As customers traditionally store data in-house, they find it difficult to put their business at risk by moving their data out of their premises. Also they fear to risk of result of hardware failure or someone accidentally erasing or corrupting their high-value data outside their control. Thus private clouds are much in demand. Most of the existing solutions require the data to be moved out of the organization's premises. For having the on-demand scalable, distributed and fast-processing storage solution in the private cloud, very few options such as ParaScale Software are available. However the open source-based solution proposed here provides a cost advantage over using commercial software. Also the customization can be done, as per client-specific requirements, with minimal effort and cost.
To handle the huge volume of data generated by applications in an organization, a scalable storage infrastructure is required. This article described the architecture of cloud storage and a processing solution using the available open source options for a private cloud environment. It proposes using Eucalyptus for cloud infrastructure management; HDFS for distributed file storage and parallel processing, and Lucene/Hive search mechanisms. A web-based console is proposed to proactively and quickly monitor and manage these systems.

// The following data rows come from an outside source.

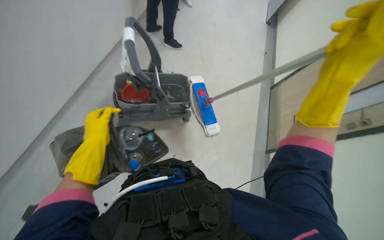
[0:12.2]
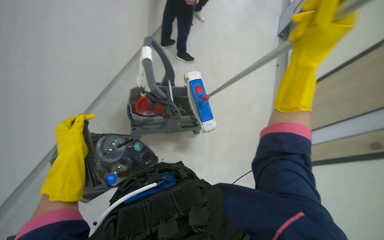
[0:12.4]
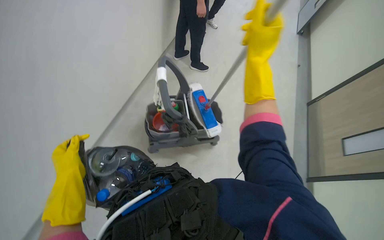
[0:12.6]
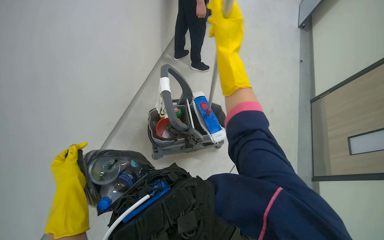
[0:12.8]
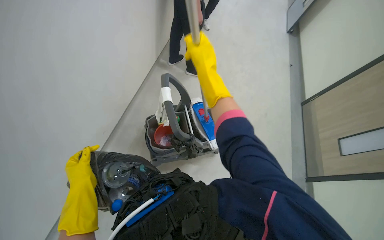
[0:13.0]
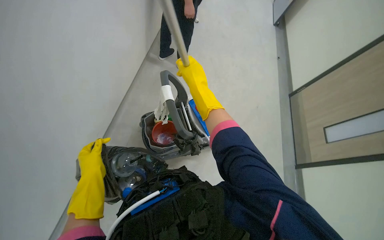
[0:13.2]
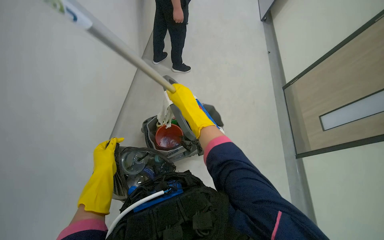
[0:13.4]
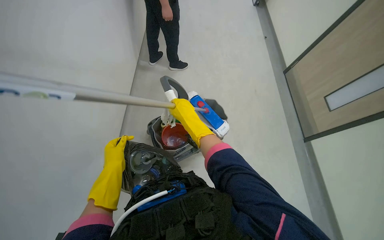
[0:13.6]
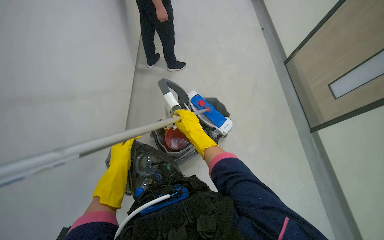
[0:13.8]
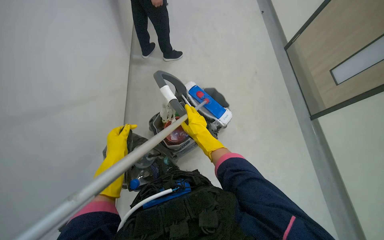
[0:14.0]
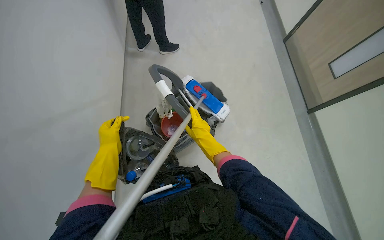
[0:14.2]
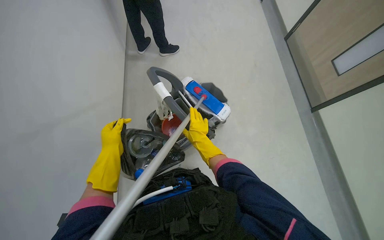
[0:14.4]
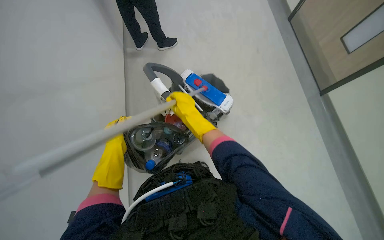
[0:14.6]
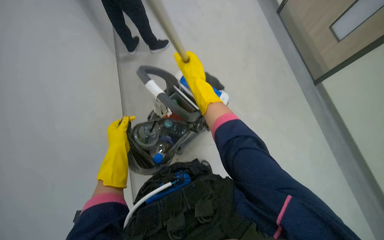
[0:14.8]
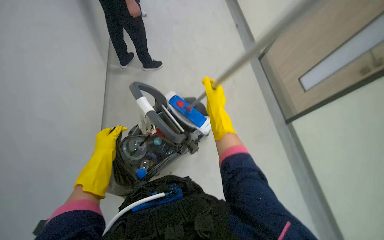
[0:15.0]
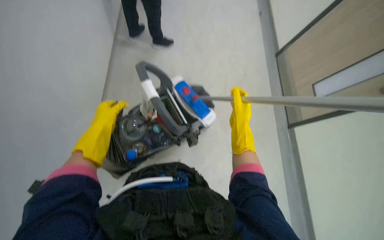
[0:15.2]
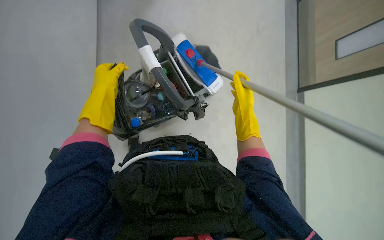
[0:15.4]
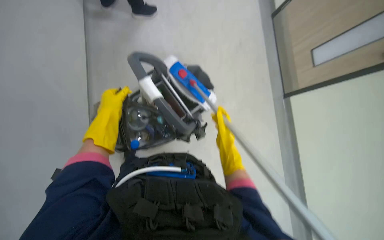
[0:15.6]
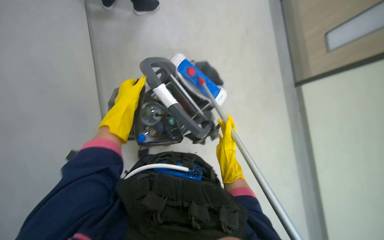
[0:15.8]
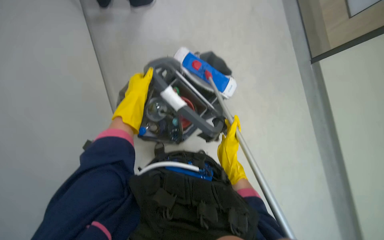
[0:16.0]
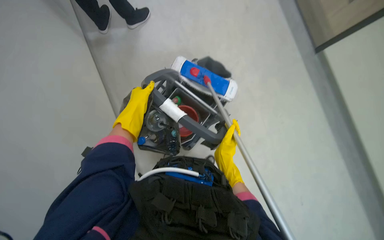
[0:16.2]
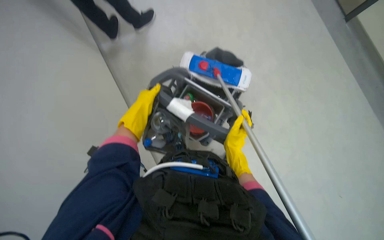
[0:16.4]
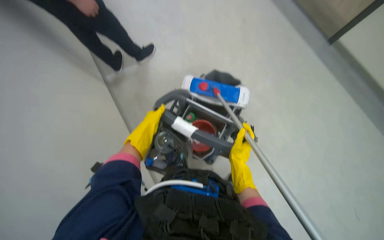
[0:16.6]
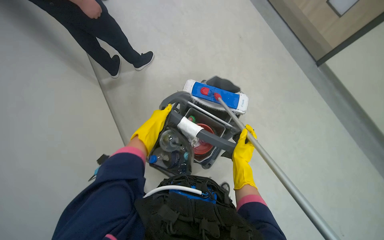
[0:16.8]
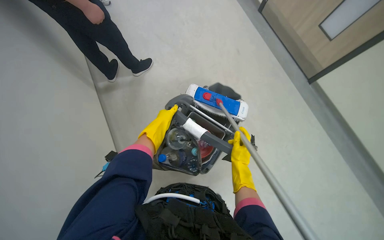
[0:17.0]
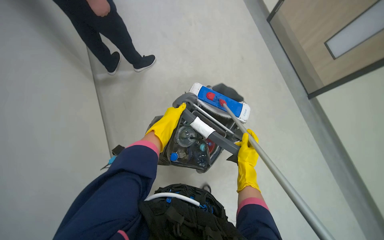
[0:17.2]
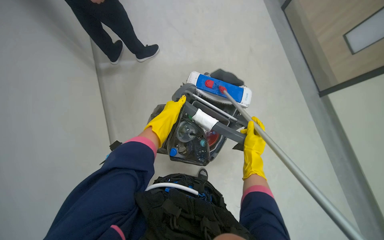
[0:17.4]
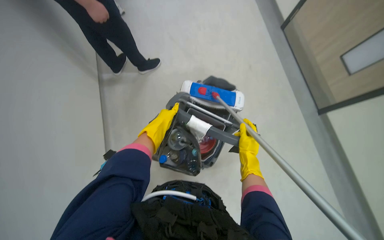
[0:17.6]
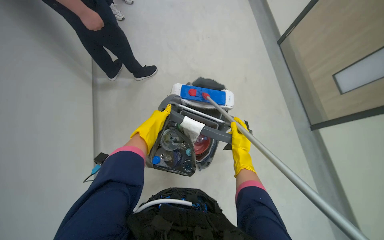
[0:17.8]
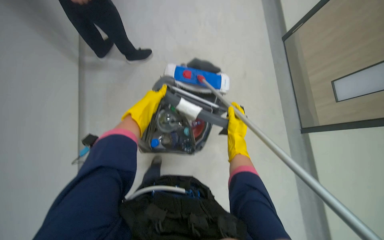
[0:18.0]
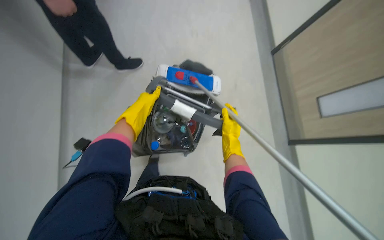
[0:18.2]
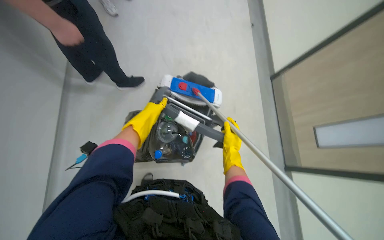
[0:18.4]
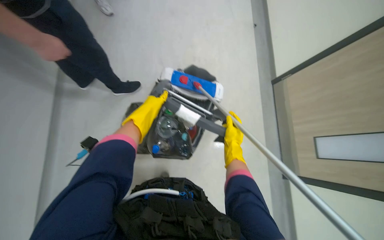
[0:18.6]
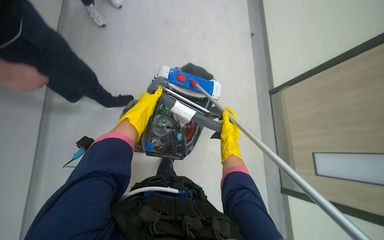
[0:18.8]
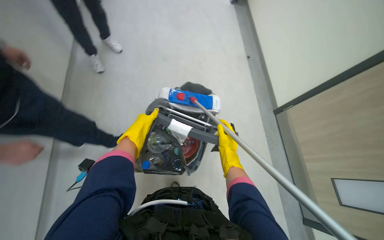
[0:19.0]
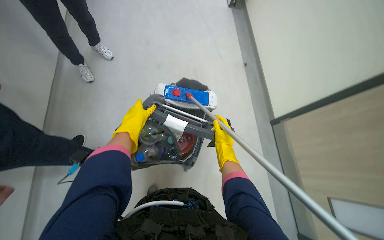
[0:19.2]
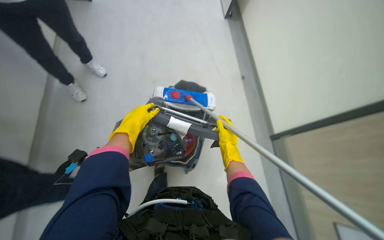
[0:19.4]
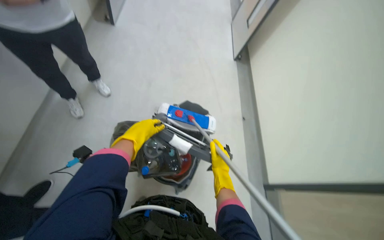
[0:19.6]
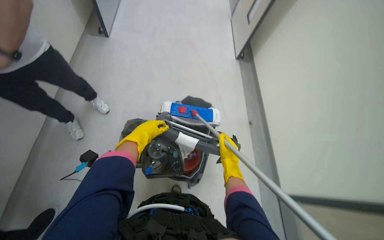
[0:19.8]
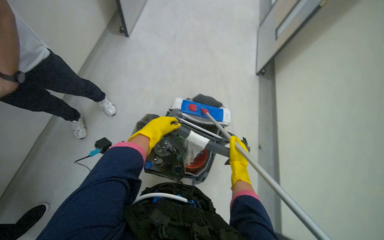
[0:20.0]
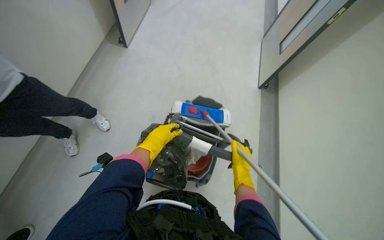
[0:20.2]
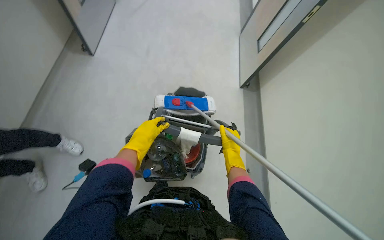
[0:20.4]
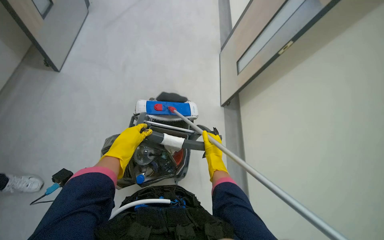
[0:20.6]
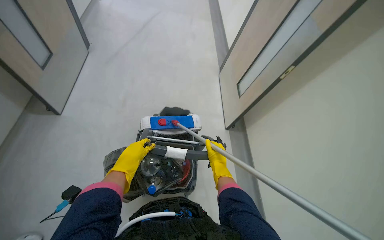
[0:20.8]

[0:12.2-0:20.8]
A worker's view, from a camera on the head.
Job: managing trash.
The whole recording: Collecting trash from bins. The worker collects trash from bins and places it into a large trash bag on the cart.
0:12.2 to 0:13.6: The right hand goes some 40 cm to the left and farther from the camera.
0:13.6 to 0:15.0: The right hand moves to the right, roughly 15 cm, and moves some 5 cm up the picture and comes back.
0:15.0 to 0:16.6: The view swings approximately 20 degrees to the left.
0:16.6 to 0:18.0: The right hand moves up the picture, some 10 cm.
0:19.4 to 0:20.8: The wearer looks roughly 20 degrees further to the right. The camera pitches upward, by about 15 degrees. The right hand is displaced down the picture and farther from the camera by approximately 25 cm, while the left hand travels down the picture by roughly 15 cm.

This on-demand storage system will provide IT administrators with the capability to rapidly bring up hundreds of servers, run parallel computations on them, and then shut down the instances as and when required, monitor and proactively manage their cloud environment, all with minimal effort and at a low cost.
- The Eucalyptus Open-source Cloud-computing System, Daniel Nurmi, Rich Wolski, Chris Grzegorczyk, Graziano Obertelli, Sunil Soman, Lamia Youseff, Dmitrii Zagorodnov, in Proceedings of 9th IEEE International Symposium on Cluster Computing and the Grid, Shanghai, China.
- The Google File System, Sanjay Ghemawat, Howard Gobioff, and Shun-Tak Leung, SOSP'03, October 19-22, 2003, Bolton Landing, New York, USA.
- MapReduce: Simplified Data Processing on Large Clusters, Jeffrey Dean and Sanjay Ghemawat, OSDI 2004
- Distributed Lucene: A distributed free text index for Hadoop, Mark H. Butler, James Rutherford, HP Laboratories, June 7, 2008.